In mathematics, reading papers is a task with a high baseline cognitive load, so clarity is all the more important. The use of flowery language, complicated sentence structure or unnecessary tangents only makes it more difficult to understand the contents. Unnecessary words distract and mislead. (For that matter, bad typography distracts, too, and must be avoided.)

I don’t believe that Selfadhesivity in Gaussian conditional independence structures contains any of those distractions. What I have instead been criticized on multiple occasions for is writing too densely and too linearly. The undesirable result of this style is that readers are forced to digest the material from the beginning to the end in the order I have chosen.

The reason, I believe, for writing like this lies 6 years past. I struggled a lot in my first 1½ to 2 years with the theory of conditional independence structures. (This was the time of my M.Sc. studies and into early PhD time.) Almost all I know about the topic came from reading papers by Milan Studený and, with a greater share, Fero Matúš. A very much on-point characterization of his writing style was given by Tarik Kaced in the Editorial of the special volume of Kybernetika dedicated to Fero’s memory:

I first got acquainted with Matúš through his papers that stood out from the usual easy-to-read, and sometimes shallow, works from the literature. It took me sometimes days (and many nights) to decipher his condensed and cryptic ideas, which, in hindsight, hinted that I found a hidden hard gem. […] Following his works and papers has been rewarding, I always find his minimalist talks very accessible while his papers contains not-to-be-overlooked notes and remarks. Indeed, a short footnote question of his lead to a journal paper of mine. I am sure more pearls are waiting to be discovered.

Unfortunately, I’m a dense and slow person. It took me a lot of time to see past the acute and precise — yet unmotivated! — definitions and constructions in Matúš’s many papers. In the beginning, I thought my PhD was going to be about an unusual branch of combinatorics which had long ago departed from its statistical origins. Just as Kaced says, deciphering his ideas one after the other and the gradual falling into place of the big picture is extremely rewarding.
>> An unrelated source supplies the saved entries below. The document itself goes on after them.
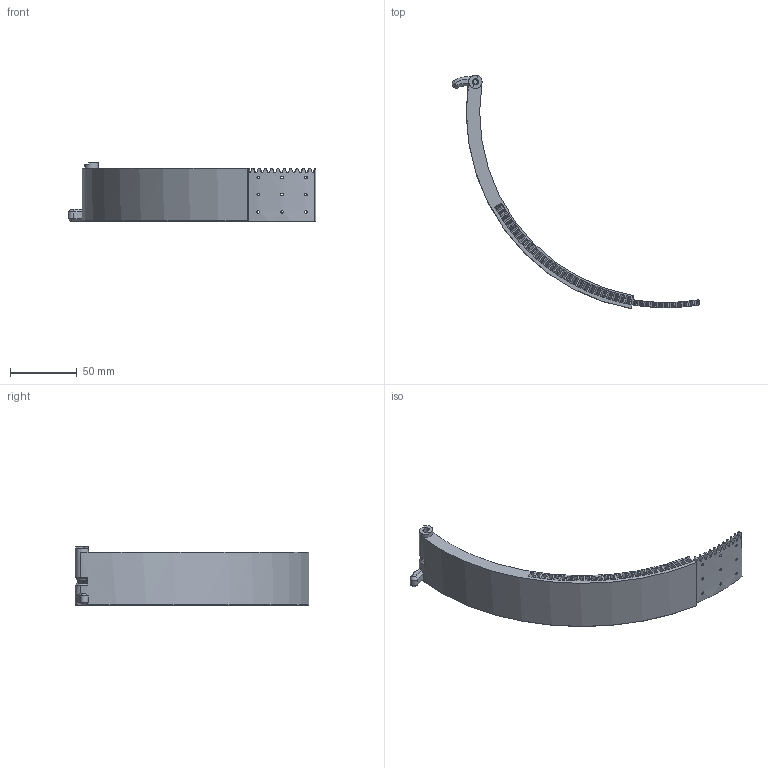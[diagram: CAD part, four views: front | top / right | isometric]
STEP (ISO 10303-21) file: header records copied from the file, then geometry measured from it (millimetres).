
FILE_DESCRIPTION(('FreeCAD Model'),'2;1');
FILE_NAME('Open CASCADE Shape Model','2025-06-18T18:04:15',(''),(''), 'Open CASCADE STEP processor 7.8','FreeCAD','Unknown');
FILE_SCHEMA(('AUTOMOTIVE_DESIGN { 1 0 10303 214 1 1 1 1 }'));
Length unit declared in the file: millimetre
Products named in the file (1): 2-rotor-segmented-in-two--part-1
Bounding box: 186.01 x 175.4 x 44 mm (x, y, z)
Volume: 97635.3 mm3; surface area: 30742.3 mm2
Topology: 1 solids, 3 shells, 332 faces, 889 edges, 591 vertices
Faces by surface type: plane 128, cone 96, bspline 79, cylinder 29
Full cylindrical faces by diameter (mm): 2 x6, 3.4 x2, 4.6 x2, 10 x1
Entity records: 12429 total; most frequent: CARTESIAN_POINT 4787, ORIENTED_EDGE 1778, DIRECTION 1263, EDGE_CURVE 889, VERTEX_POINT 591, AXIS2_PLACEMENT_3D 487, FACE_BOUND 382, EDGE_LOOP 382

In my opinion, Matúš’s works are timeless pieces of mathematics, undisturbed by unnecessary words. Over time, I did recognize the connections between his papers, the inspiration behind their definitions, axioms, constructions and proofs. Most importantly, I discovered the beautiful geometry behind it all and ended up in algebraic statistics.

I think the intention behind writing the Preliminaries in Selfadhesivity in Gaussian conditional independence structures the way I did was to develop the required part of CI theory for the reader as vividly and as concisely as possible — with the statistical and geometric motivation and interconnections revealed instead of suppressed. If you read it, you may find that it is still dense and avoids unnecessary words. This is what I mean by “prose” in mathematics. When I wrote those Preliminaries, I thought about including more definition environments, but I made a conscious decision against it. My reasoning was that a definition is visually a paragraph break and hence concludes a mathematical unit of thought. This did not align with my intention of writing a smooth exposition.

But I’m looking forward to writing a forthcoming paper somewhat differently from what I’m used to.